# Southern California FT



## Troopers Mom (Nov 19, 2005)

In the derby, callbacks to the 3rd series. 16 dogs

1-3-4-6-7-9-10-11-14-16-18-20-21-23-24-25


----------



## Annette (Mar 21, 2004)

thanks for posting Aleen. I see that Ruth Aud and Megan are still in. This is the first time Ruth has run Megan. Patti Kiernan has trained and run her. Go Ruth and Megan


----------



## Troopers Mom (Nov 19, 2005)

Annette said:


> thanks for posting Aleen. I see that Ruth Aud and Megan are still in. This is the first time Ruth has run Megan. Patti Kiernan has trained and run her. Go Ruth and Megan


That's awesome. Way to go Ruth and Megan!


----------



## Guest (Oct 10, 2009)

GO Ruth and Megan


----------



## Jacob Hawkes (Jun 24, 2008)

Go River. #20 in the derby.


----------



## Judy Myers (Feb 15, 2009)

Callbacks to 4th series in the Derby scheduled for tomorrow morning (13 dogs):

1-3-4-6-7-9-10-11-18-20-21-23-24

Good luck to all


----------



## Annette (Mar 21, 2004)

Thanks Judy for posting. 
Go Ruth and Megan#23 in the Derby 4th series.


----------



## Troopers Mom (Nov 19, 2005)

First series of the limited did not get finished today. 6 dogs left to run in the morning.

Arleen


----------



## Barb/x2crr (Oct 18, 2005)

How fun for Ruth! She must be so excited! Go Megan - We are routing for you!


----------



## helencalif (Feb 2, 2004)

Hubby just got a call from Pat Nichols.

MIDNIGHT SHOOTER got 2nd place in the Derby at Lost Hills. BIG congratulations to Pat and Debi Nichols. That makes 4 Derby points for Shooter who just turned 13 mo. old on Oct. 2.

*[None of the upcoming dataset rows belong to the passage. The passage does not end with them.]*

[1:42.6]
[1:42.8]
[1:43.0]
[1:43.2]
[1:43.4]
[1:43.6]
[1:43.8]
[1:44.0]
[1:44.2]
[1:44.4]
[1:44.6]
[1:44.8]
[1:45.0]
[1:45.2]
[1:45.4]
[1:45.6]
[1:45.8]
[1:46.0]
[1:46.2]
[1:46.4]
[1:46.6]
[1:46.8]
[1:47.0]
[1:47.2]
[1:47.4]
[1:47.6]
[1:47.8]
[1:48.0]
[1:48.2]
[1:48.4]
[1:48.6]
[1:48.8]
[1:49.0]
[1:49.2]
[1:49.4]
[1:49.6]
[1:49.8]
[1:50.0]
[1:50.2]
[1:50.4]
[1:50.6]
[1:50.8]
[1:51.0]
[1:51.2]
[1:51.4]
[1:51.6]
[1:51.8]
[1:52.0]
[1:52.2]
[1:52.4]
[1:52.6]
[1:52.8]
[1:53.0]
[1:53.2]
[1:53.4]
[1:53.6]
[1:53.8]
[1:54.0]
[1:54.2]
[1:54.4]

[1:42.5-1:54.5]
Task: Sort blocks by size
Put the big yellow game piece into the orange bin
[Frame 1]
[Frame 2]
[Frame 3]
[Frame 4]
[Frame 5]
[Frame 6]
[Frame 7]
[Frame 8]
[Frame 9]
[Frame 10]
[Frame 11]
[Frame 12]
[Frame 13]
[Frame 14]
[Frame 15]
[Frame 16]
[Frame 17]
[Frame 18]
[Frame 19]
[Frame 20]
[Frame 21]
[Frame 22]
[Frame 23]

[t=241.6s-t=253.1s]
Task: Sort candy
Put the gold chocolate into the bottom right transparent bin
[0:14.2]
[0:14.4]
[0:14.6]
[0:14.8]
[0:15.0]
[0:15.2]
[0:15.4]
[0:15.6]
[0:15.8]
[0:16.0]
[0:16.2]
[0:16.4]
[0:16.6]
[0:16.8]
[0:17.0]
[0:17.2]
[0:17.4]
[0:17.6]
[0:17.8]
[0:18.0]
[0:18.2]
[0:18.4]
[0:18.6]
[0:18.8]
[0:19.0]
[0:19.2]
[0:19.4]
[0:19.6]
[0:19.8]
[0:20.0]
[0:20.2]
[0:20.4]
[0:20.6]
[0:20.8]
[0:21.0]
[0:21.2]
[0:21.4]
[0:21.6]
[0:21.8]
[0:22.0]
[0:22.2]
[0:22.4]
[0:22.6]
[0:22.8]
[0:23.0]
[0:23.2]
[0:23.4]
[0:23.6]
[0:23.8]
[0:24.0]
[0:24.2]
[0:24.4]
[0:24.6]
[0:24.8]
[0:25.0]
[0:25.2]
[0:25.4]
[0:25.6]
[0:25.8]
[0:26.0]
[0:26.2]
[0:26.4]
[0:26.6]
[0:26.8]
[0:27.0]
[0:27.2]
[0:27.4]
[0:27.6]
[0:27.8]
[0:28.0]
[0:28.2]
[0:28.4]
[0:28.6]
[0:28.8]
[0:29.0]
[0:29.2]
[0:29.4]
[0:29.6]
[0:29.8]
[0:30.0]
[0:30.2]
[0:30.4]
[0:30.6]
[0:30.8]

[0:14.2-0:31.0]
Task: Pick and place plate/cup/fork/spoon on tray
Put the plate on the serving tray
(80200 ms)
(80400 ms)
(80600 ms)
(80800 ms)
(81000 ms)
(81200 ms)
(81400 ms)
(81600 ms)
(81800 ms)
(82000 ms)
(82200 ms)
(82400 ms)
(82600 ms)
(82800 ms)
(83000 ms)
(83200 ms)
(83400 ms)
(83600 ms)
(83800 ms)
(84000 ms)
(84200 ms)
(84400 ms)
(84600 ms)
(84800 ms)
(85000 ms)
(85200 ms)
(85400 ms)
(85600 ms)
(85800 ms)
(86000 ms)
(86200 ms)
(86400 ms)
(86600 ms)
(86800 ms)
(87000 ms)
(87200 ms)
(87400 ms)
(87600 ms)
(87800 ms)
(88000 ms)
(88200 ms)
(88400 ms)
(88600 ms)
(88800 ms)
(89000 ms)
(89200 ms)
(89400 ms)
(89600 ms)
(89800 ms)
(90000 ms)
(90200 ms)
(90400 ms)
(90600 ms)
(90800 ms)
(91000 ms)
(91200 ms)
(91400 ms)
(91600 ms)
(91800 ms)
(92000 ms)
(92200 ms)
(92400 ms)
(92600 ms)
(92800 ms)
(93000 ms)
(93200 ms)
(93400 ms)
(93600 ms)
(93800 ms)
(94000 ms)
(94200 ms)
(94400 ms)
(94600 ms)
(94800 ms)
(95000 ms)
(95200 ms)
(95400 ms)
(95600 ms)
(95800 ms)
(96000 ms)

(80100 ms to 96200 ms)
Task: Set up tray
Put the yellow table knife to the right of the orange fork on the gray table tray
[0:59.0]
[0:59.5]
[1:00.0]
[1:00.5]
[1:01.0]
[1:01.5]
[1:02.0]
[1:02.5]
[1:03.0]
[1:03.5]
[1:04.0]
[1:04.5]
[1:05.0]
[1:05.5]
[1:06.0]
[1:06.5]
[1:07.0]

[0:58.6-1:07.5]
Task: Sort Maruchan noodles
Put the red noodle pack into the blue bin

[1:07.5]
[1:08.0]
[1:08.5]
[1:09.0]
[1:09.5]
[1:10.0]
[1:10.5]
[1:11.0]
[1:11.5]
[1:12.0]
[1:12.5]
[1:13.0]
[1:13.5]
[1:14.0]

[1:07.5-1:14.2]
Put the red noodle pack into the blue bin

We are the very proud breeders of Shooter (AFC Tealcreek Patton's Saber x Flyway's Ruby B. Gonia). Don and Ruby are my avatar.

Don says... enter Sally (Shooter's sister) in Derby at the PRTA trial to be held in Corning, so I better go to EE and do that. He is pumped.

Not only is Don pumped about Shooter, he is pumped because our grandson Dano Graves is still racking up the TDs as the starting QB for Folsom High School. Don went to the game last night and is on his way home now. Folsom is now 5-0 after 5 games. Dano's stats are being called fantasy football. (his stats are on MaxPreps on-line) 20 TDs by game #4 and last night 6 TDs passing and 1 run in. 77% passing rate as of 4 games. Don't know what it is now after 5 games. 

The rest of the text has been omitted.